What you should do:
Exactly as they appear, copy the lines from the one holding "3.2 seconds elapsed since image 1." through the end of the records, leaving pictures out.

Source records:
┌──

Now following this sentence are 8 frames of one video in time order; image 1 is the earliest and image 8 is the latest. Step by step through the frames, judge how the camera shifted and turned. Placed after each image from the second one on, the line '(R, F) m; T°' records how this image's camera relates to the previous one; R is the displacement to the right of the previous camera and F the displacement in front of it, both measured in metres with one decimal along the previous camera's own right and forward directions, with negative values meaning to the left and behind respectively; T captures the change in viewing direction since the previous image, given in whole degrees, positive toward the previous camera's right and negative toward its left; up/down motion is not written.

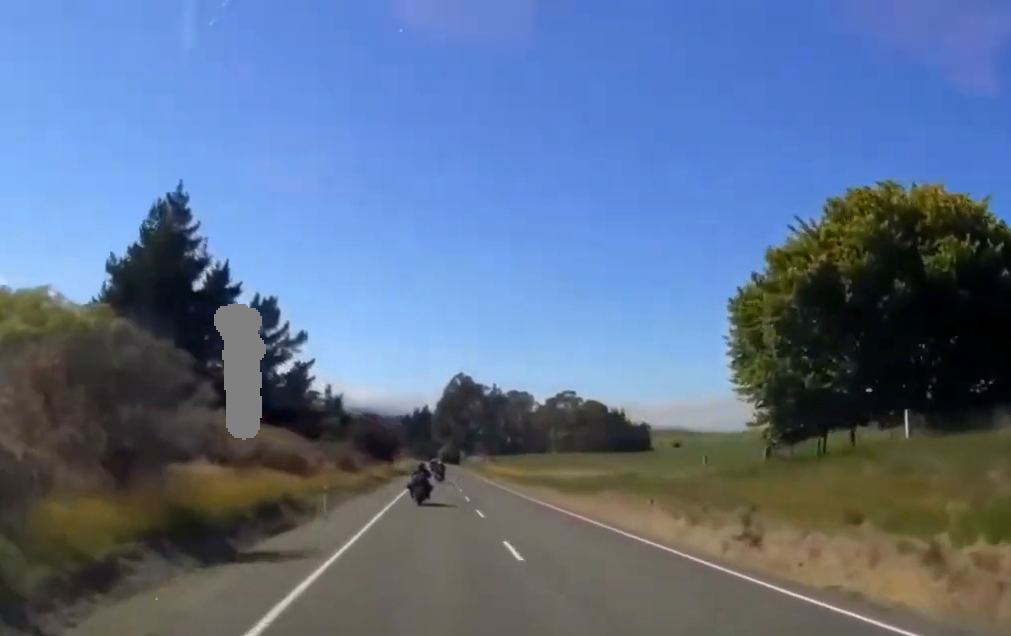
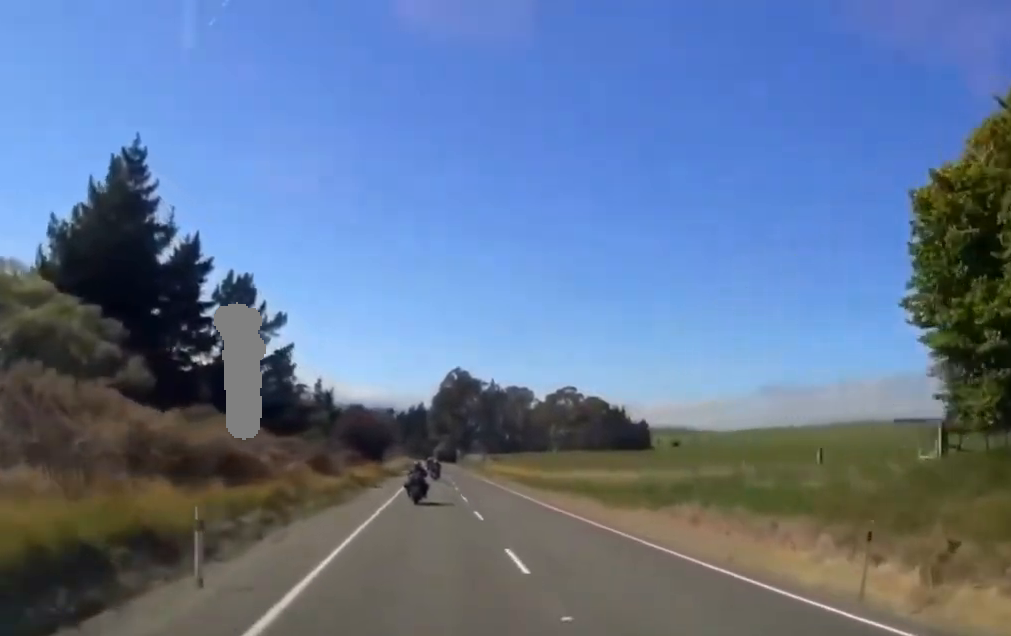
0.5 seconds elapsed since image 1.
(-0.1, +11.7) m; 0°
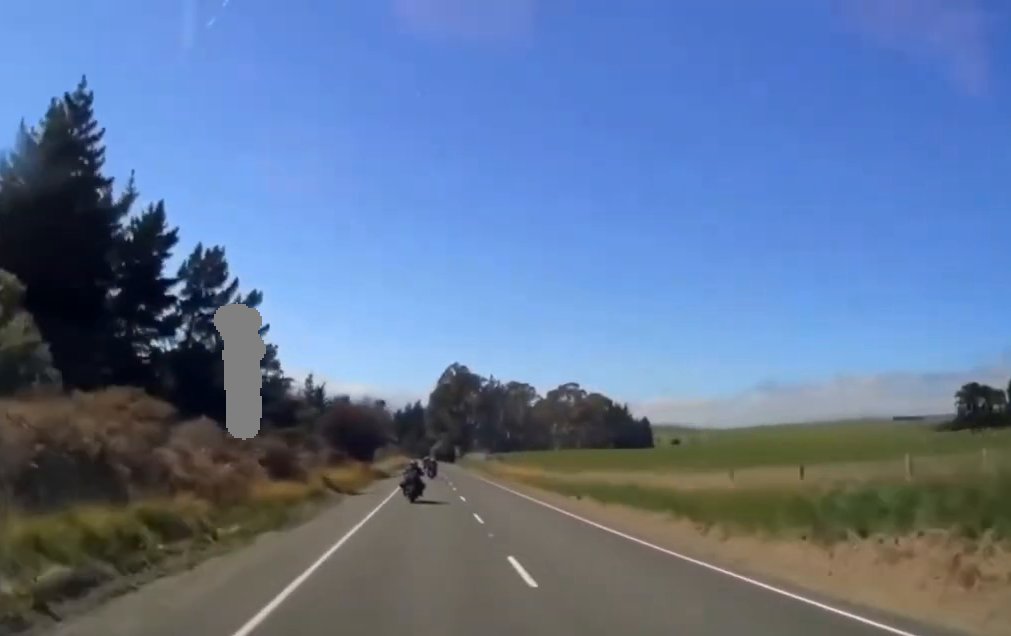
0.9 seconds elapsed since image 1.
(-0.1, +11.6) m; +1°
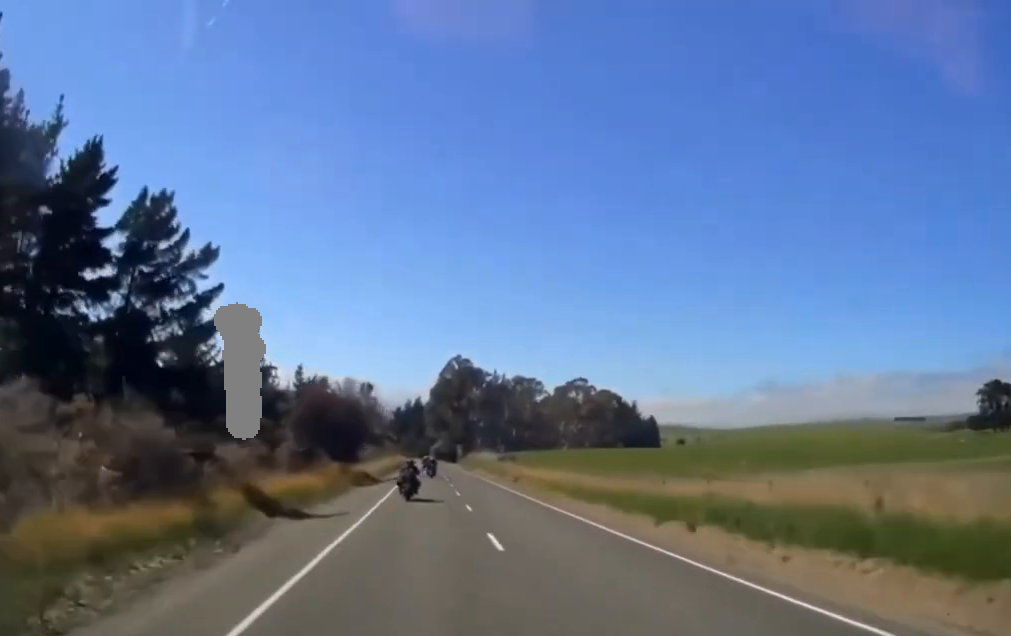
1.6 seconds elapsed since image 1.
(+0.2, +16.4) m; +1°
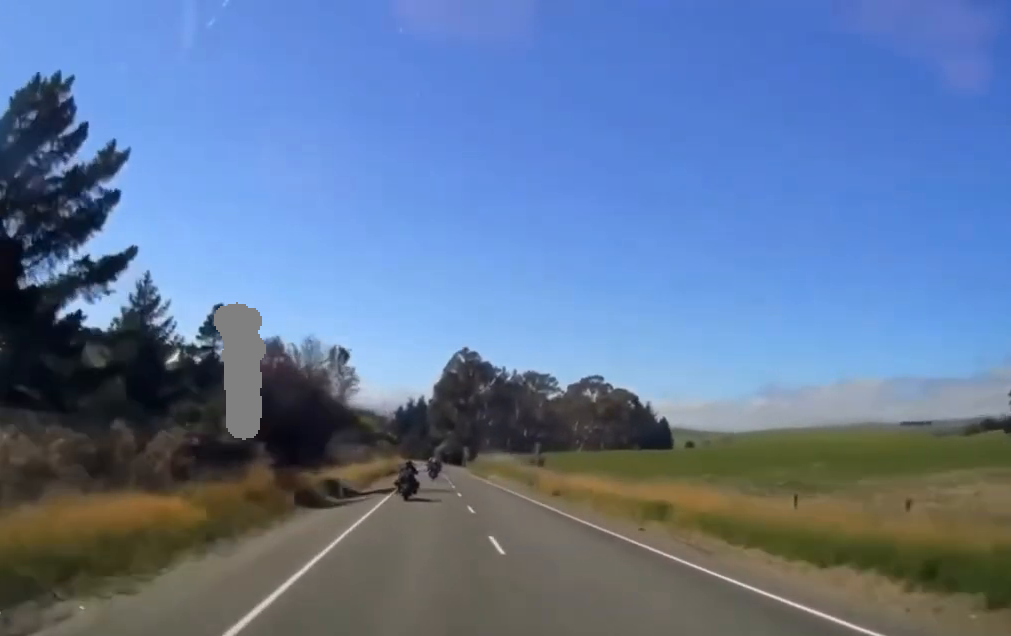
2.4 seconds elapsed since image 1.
(+0.7, +20.4) m; 0°
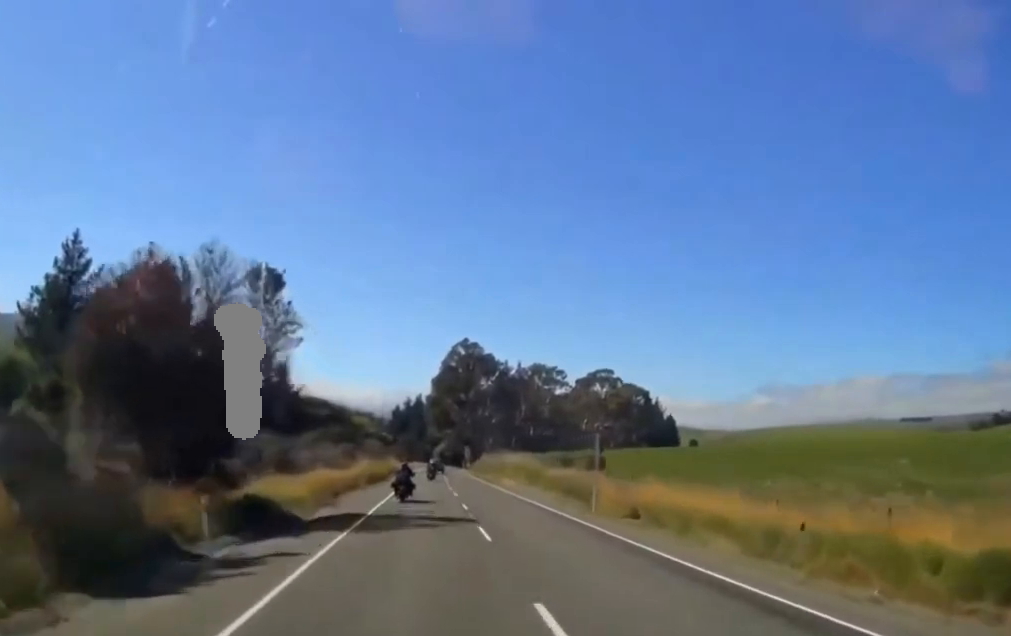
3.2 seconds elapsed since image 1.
(-0.5, +18.0) m; -2°
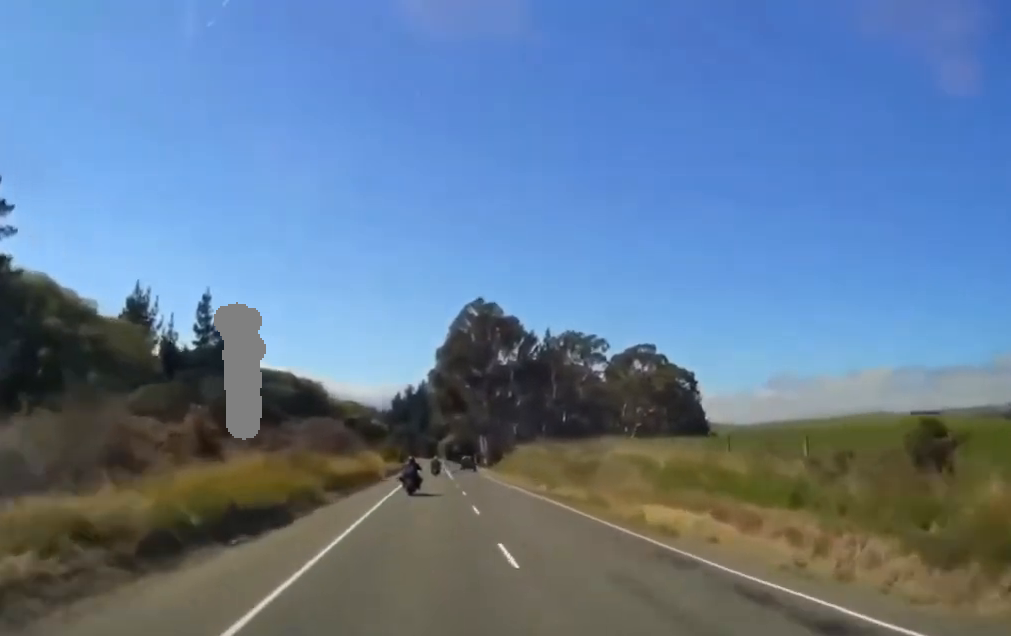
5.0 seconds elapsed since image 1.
(+0.7, +44.0) m; +2°
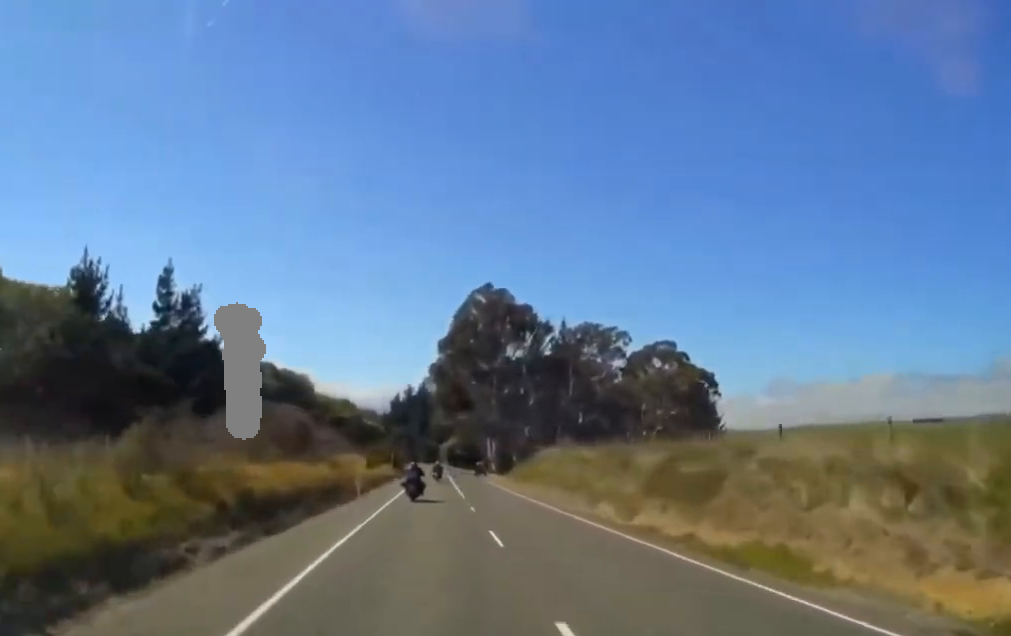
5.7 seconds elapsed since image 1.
(-0.1, +17.0) m; -1°

└──

Solution below:
3.2 seconds elapsed since image 1.
(-0.5, +18.0) m; -2°
5.0 seconds elapsed since image 1.
(+0.7, +44.0) m; +2°
5.7 seconds elapsed since image 1.
(-0.1, +17.0) m; -1°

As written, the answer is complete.